Exercise —
Across the entries below, please work out how many lines contain the string "wetlands" and give only the number.

(Stored dataset items)
:::::
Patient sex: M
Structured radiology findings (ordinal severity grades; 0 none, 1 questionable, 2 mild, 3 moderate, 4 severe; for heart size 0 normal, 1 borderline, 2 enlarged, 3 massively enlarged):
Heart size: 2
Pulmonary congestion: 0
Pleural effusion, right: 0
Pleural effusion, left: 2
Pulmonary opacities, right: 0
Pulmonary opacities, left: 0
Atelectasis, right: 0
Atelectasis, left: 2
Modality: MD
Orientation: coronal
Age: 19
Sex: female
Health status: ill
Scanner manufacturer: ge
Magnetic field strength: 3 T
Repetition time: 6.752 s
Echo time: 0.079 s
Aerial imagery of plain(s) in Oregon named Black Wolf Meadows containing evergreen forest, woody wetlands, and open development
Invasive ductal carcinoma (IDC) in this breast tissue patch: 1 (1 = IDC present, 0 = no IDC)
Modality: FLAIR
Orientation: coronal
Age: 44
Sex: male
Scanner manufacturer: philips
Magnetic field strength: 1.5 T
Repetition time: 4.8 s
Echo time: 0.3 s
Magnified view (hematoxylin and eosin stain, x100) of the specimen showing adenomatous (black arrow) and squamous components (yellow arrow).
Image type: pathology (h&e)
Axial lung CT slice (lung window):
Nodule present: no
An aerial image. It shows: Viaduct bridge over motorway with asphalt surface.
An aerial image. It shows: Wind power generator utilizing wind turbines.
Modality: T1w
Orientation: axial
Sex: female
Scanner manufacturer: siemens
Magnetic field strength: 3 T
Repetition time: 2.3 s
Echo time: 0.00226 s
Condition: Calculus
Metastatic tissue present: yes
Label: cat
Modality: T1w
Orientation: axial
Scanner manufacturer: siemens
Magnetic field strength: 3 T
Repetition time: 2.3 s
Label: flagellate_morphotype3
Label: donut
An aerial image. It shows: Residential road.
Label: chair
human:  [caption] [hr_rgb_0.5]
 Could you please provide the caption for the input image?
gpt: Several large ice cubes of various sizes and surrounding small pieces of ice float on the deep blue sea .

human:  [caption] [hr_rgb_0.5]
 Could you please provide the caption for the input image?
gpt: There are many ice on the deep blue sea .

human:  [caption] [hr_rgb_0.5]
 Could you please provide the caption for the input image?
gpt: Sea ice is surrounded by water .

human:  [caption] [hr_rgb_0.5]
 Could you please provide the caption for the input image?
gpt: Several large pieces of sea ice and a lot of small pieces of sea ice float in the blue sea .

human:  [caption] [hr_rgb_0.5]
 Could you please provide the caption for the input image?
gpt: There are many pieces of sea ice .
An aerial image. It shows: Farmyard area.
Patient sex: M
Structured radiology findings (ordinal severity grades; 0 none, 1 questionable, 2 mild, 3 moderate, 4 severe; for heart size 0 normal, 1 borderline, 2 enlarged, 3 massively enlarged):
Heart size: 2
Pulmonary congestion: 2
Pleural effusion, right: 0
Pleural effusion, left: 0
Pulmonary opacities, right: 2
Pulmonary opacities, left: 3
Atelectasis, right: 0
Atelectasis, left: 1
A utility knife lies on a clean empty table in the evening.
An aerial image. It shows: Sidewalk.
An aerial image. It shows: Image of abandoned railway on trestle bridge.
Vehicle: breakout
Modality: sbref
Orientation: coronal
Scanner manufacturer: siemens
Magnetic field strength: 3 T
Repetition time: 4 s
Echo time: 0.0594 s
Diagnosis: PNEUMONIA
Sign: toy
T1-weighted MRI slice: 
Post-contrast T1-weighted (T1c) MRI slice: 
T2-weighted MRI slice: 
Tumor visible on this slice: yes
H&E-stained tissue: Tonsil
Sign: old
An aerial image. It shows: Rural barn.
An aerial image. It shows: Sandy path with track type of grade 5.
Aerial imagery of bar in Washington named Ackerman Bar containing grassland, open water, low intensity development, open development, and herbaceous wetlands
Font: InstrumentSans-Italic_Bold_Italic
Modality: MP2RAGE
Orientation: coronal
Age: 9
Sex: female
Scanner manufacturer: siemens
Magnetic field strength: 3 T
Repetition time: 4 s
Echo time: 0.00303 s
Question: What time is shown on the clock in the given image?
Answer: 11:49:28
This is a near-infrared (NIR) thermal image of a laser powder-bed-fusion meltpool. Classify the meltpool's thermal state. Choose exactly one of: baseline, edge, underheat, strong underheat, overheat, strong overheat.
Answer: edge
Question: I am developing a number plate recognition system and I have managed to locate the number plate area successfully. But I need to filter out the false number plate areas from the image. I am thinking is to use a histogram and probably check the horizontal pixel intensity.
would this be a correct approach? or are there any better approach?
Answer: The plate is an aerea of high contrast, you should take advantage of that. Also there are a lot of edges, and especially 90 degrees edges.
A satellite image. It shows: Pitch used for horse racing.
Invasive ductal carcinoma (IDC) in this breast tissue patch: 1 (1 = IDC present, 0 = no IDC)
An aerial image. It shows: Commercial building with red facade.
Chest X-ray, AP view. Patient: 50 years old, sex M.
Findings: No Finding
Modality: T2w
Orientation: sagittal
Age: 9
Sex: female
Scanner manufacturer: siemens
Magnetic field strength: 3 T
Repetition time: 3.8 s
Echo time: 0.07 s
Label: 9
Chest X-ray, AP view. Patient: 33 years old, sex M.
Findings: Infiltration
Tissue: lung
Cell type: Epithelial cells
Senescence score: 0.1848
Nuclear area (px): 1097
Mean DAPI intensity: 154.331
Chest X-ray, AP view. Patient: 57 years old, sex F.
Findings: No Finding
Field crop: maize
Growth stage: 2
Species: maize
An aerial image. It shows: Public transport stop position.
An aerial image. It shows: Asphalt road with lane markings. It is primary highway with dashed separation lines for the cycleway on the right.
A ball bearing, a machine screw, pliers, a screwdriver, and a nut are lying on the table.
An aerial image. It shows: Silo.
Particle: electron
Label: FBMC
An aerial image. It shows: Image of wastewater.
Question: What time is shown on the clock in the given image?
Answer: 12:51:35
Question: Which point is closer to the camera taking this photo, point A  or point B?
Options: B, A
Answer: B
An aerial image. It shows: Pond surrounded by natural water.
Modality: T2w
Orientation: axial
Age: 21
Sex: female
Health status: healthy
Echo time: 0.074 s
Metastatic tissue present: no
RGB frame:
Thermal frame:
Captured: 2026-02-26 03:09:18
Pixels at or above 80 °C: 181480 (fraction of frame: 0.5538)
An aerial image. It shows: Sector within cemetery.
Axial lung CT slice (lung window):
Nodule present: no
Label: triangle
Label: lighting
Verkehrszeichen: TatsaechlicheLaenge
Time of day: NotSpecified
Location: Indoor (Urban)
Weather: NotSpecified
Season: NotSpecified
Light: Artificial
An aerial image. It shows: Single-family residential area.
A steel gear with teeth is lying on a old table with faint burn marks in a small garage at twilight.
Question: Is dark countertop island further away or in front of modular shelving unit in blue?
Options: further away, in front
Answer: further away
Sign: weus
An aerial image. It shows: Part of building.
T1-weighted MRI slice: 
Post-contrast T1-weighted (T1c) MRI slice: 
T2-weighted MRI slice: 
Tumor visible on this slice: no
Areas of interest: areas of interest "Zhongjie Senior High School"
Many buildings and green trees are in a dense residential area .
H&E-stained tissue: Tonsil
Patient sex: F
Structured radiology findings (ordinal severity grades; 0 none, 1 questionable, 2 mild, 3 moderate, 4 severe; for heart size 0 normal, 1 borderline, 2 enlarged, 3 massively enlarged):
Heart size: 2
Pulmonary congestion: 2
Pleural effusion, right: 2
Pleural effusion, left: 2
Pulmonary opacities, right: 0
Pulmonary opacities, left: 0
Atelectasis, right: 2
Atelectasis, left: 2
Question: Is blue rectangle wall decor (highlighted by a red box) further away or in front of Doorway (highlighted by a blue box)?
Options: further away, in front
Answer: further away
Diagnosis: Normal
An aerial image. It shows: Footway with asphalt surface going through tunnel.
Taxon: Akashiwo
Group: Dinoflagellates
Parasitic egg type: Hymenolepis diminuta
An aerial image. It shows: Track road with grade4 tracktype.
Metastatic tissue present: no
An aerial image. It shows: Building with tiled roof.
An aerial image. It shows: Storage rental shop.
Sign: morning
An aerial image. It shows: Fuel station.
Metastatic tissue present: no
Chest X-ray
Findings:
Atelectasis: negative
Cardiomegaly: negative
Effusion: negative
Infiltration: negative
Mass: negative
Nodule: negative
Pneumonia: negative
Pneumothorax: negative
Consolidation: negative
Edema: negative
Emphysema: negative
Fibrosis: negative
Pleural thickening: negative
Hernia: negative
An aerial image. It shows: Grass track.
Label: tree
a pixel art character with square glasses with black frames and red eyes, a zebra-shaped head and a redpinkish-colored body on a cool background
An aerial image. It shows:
:::::
Solution —
2